AIM OF THE TASK:
Retype every entry below without altering anything.

*** RECORDS TO PROCESS Section Begins ***

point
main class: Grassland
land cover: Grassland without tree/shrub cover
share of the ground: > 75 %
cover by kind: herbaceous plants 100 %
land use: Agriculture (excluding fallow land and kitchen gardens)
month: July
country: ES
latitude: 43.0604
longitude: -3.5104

*** RECORDS TO PROCESS Section Ends ***

COMPLETED EXERCISE:
point
main class: Grassland
land cover: Grassland without tree/shrub cover
share of the ground: > 75 %
cover by kind: herbaceous plants 100 %
land use: Agriculture (excluding fallow land and kitchen gardens)
month: July
country: ES
latitude: 43.0604
longitude: -3.5104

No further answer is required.